Sunday, July 29, 2012

Discovering the Rabbit Hole

In the movie ALICE, the heroine falls down a rabbit hole to escape an arranged marriage.  She can't say no to the man seeking her hand because saying no would disappoint her family and the society she lives in.  But she can't marry him either.  Using the always popular passive-agressive tactic of avoidance, she follows a rabbit, falls down a hole, and so begins her adventure of discovery.  Most
of what happens on any adventure feels like bad luck and worse circumstances.  Woe is me. And Alice feels all of that.and more.

Much later, she discovers the real reason she is in Wonderland.  Alice is there to find her muchness.  After many passionate protestations that she is not the true Alice, she finds out that she is.  She can slay monsters with the best them and be the heroine of her own life.  She does this by reconnecting with her true self and that self is ever fearless and ready for the next adventure.  Reality doesn't stand a chance against her belief in herself.  

Like Alice, I'm in search of my muchness.  I'm looking to connect to the child I left behind.  The one who wore her passion on her sleeve, believed in happy endings, and in the highest good for one and all.  Somewhere along the way amid grown up problems and naysayers drowning out the voice of my dreams and my own lack of faith in the impossible, I lost my muchness.  Now, I'm looking to reclaim all that was once mine.  Time doesn't matter in Wonderland, and thank the Universe for that, for I certainly have taken my own good time in organizing a search for my true self.  My muchness.

But knowing my own history, I realized immediately that I needed some help.  Heroic journeys are seldom successful when traveling alone.  So, for the first time, I am using a Life Couch that promises to be its own adventure and using this blog to document my ups and my downs as I journey through Wonderland.  I avoided such counselling professionals in the past thinking that I had all the wisdom to deal with any blocks in the road myself.  It's humbling to discover that there are some fences that are too high to climb.  Besides, her e-mail inviting me to join her group and individual counseling seemed fortuitous.  Destined even.  And success wasn't beating down my door using my current practices.  Practices that had every reason to believe they had a home for life in my life. 
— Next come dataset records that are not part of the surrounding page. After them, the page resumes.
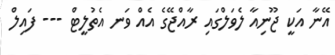
އޭނާ އަކީ ޖޫނިއާ ލެވަލްގައި ރާއްޖޭގެ އެއް ވަަނ އެތުލީޓް --- ފައިލް
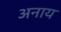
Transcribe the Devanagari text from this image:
अनाय
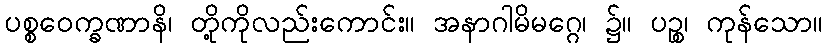
ပစ္စဝေက္ခဏာနိ၊ တို့ကိုလည်းကောင်း။ အနာဂါမိမဂ္ဂေ၊ ၌။ ပဉ္စ၊ ကုန်သော။
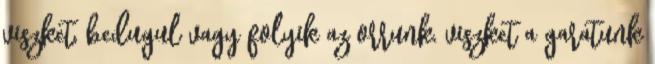
viszket, bedugul vagy folyik az orrunk, viszket a garatunk
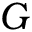
G
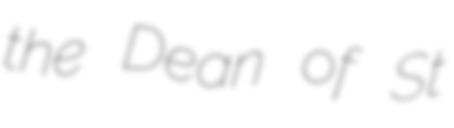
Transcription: the Dean of St
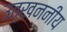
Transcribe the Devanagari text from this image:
उत्खननीय

So I jumped or fell in, I can make a case for either story.  But once I did, my Life Coach showed her persistence.  She refused to let me off the hook, and I'm pretty good at unhooking.  So, I answered the call, and put all my dreams for a finished novel and healthier life into the Life Coach's basket.  

Initially, I regretted that decision.  After her first phone call, a little voice nagged at my deepest fears, "This is not you.  This will never be you.  This definitely won't work."   Can't argue with that, I thought.  My history leaves little doubt that the tools proposed to reconfigure my future
are solidly opposite everything I know and love about me.  I don't do schedules or weekly evaluations of my bad habits or celebrate my successes.   

Still, with the support of my Coach and a strong dose of commitment, it might work.  So here I am on the precipice of a change.  I'm Alice searching Wonderland for answers that I think I already know, but hoping I don't.  The Coach is heavy handed on encouragement and assignments that are designed to overome past creative failures and personal disappointments.  So, I embrace change.  It has never shown any true affection for me in the past, but I'm putting out the welcome sign and looking for a different outcome.  Can my muchness be far behind?


Saturday, July 28, 2012

Deborah in Wonderland, the First Post

Yvonne is setting up this blog. Deborah will be back to take it over. And change everything. And then Yvonne will fix it.